(Data):
◇ ◇ ◇ ◇ ◇ ◇ ◇

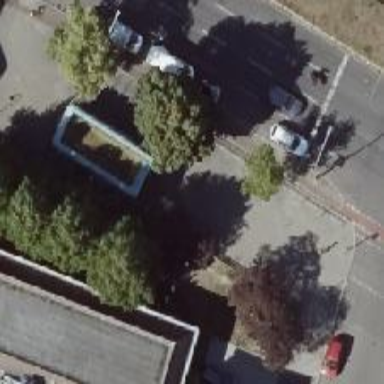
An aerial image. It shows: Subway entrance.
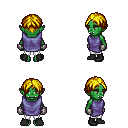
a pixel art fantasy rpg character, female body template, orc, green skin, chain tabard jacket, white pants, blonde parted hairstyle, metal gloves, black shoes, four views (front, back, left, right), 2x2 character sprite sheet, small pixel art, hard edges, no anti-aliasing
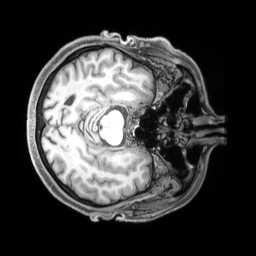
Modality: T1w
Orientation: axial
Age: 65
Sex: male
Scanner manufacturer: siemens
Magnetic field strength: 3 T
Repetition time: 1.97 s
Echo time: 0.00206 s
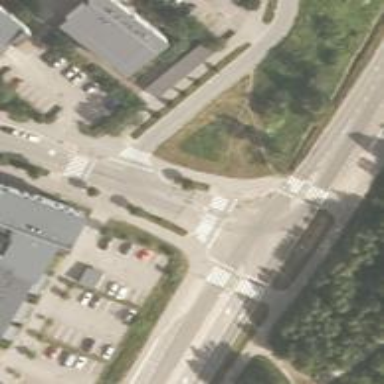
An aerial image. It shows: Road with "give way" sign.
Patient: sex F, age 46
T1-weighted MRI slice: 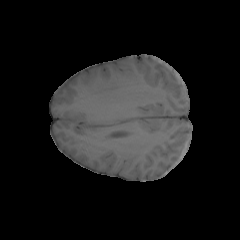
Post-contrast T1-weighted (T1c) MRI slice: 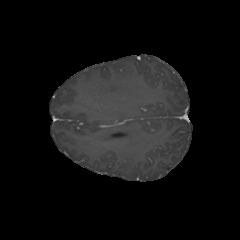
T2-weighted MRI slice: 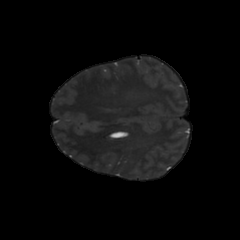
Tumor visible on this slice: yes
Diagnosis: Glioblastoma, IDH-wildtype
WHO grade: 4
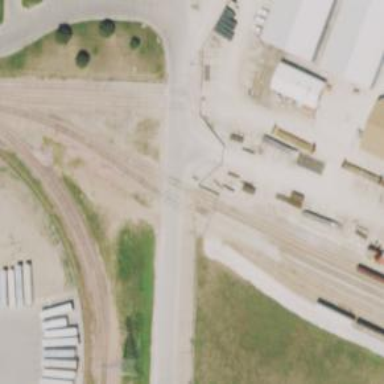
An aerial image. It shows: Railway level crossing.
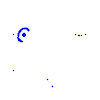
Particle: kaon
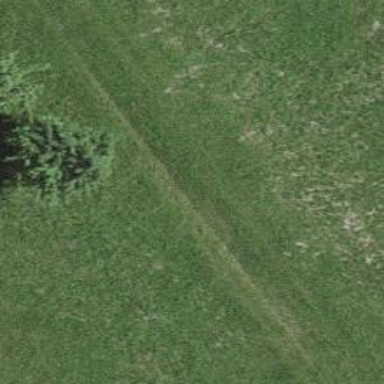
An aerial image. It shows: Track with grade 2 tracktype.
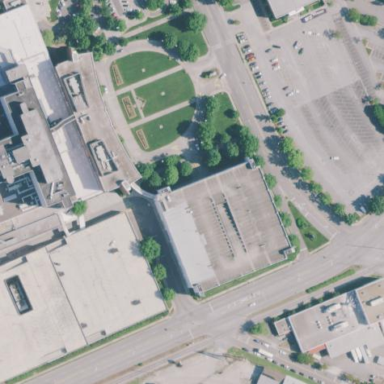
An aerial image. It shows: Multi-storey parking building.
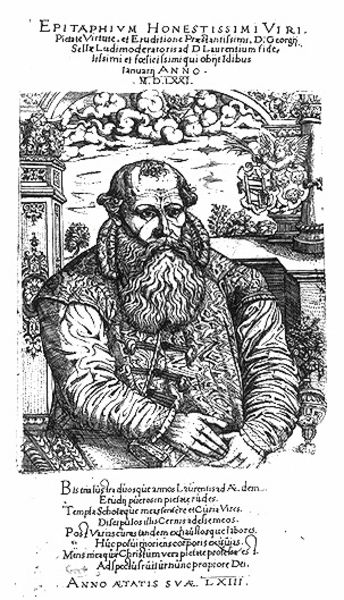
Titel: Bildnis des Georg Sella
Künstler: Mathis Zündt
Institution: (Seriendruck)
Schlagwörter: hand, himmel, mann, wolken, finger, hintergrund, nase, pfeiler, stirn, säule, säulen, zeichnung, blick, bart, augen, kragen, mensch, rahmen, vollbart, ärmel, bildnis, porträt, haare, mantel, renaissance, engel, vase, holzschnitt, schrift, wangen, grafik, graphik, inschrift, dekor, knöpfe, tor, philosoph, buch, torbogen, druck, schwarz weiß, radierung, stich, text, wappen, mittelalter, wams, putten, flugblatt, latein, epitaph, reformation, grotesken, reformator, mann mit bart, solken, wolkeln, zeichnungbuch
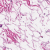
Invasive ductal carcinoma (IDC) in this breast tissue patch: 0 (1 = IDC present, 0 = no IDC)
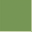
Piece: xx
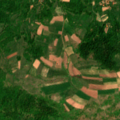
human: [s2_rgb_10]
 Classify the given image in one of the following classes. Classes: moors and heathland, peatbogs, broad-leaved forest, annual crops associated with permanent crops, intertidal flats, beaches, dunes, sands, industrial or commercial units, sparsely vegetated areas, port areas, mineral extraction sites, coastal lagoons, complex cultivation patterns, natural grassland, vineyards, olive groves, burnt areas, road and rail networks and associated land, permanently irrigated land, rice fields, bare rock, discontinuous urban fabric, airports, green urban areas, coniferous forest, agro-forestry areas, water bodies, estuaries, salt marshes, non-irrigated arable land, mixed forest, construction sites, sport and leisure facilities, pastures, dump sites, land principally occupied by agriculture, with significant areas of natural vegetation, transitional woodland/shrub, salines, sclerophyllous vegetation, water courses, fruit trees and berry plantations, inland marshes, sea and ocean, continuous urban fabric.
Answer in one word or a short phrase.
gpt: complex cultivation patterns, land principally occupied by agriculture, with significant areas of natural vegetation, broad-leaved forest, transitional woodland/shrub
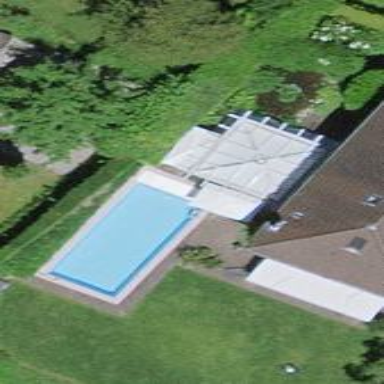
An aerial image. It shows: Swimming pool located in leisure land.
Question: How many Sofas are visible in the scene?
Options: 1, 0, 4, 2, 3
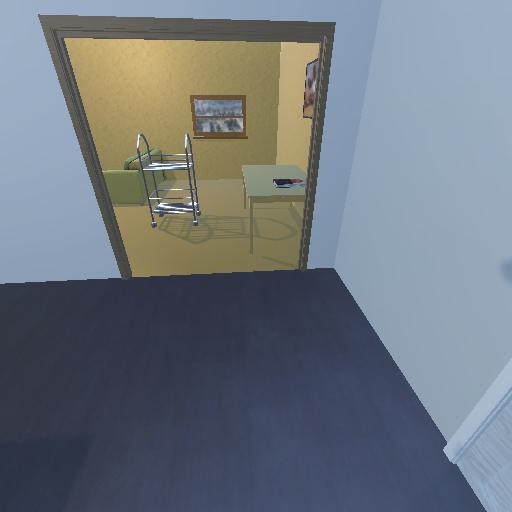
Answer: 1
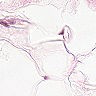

◇ ◇ ◇ ◇ ◇ ◇ ◇

(What you have to do): Where an entry contains an image, drop the image and copy everything else word for word.

(Output):
An aerial image. It shows: Subway entrance.
a pixel art fantasy rpg character, female body template, orc, green skin, chain tabard jacket, white pants, blonde parted hairstyle, metal gloves, black shoes, four views (front, back, left, right), 2x2 character sprite sheet, small pixel art, hard edges, no anti-aliasing
Modality: T1w
Orientation: axial
Age: 65
Sex: male
Scanner manufacturer: siemens
Magnetic field strength: 3 T
Repetition time: 1.97 s
Echo time: 0.00206 s
An aerial image. It shows: Road with "give way" sign.
Patient: sex F, age 46
T1-weighted MRI slice: 
Post-contrast T1-weighted (T1c) MRI slice: 
T2-weighted MRI slice: 
Tumor visible on this slice: yes
Diagnosis: Glioblastoma, IDH-wildtype
WHO grade: 4
An aerial image. It shows: Railway level crossing.
Particle: kaon
An aerial image. It shows: Track with grade 2 tracktype.
An aerial image. It shows: Multi-storey parking building.
Titel: Bildnis des Georg Sella
Künstler: Mathis Zündt
Institution: (Seriendruck)
Schlagwörter: hand, himmel, mann, wolken, finger, hintergrund, nase, pfeiler, stirn, säule, säulen, zeichnung, blick, bart, augen, kragen, mensch, rahmen, vollbart, ärmel, bildnis, porträt, haare, mantel, renaissance, engel, vase, holzschnitt, schrift, wangen, grafik, graphik, inschrift, dekor, knöpfe, tor, philosoph, buch, torbogen, druck, schwarz weiß, radierung, stich, text, wappen, mittelalter, wams, putten, flugblatt, latein, epitaph, reformation, grotesken, reformator, mann mit bart, solken, wolkeln, zeichnungbuch
Invasive ductal carcinoma (IDC) in this breast tissue patch: 0 (1 = IDC present, 0 = no IDC)
Piece: xx
human: [s2_rgb_10]
 Classify the given image in one of the following classes. Classes: moors and heathland, peatbogs, broad-leaved forest, annual crops associated with permanent crops, intertidal flats, beaches, dunes, sands, industrial or commercial units, sparsely vegetated areas, port areas, mineral extraction sites, coastal lagoons, complex cultivation patterns, natural grassland, vineyards, olive groves, burnt areas, road and rail networks and associated land, permanently irrigated land, rice fields, bare rock, discontinuous urban fabric, airports, green urban areas, coniferous forest, agro-forestry areas, water bodies, estuaries, salt marshes, non-irrigated arable land, mixed forest, construction sites, sport and leisure facilities, pastures, dump sites, land principally occupied by agriculture, with significant areas of natural vegetation, transitional woodland/shrub, salines, sclerophyllous vegetation, water courses, fruit trees and berry plantations, inland marshes, sea and ocean, continuous urban fabric.
Answer in one word or a short phrase.
gpt: complex cultivation patterns, land principally occupied by agriculture, with significant areas of natural vegetation, broad-leaved forest, transitional woodland/shrub
An aerial image. It shows: Swimming pool located in leisure land.
Question: How many Sofas are visible in the scene?
Options: 1, 0, 4, 2, 3
Answer: 1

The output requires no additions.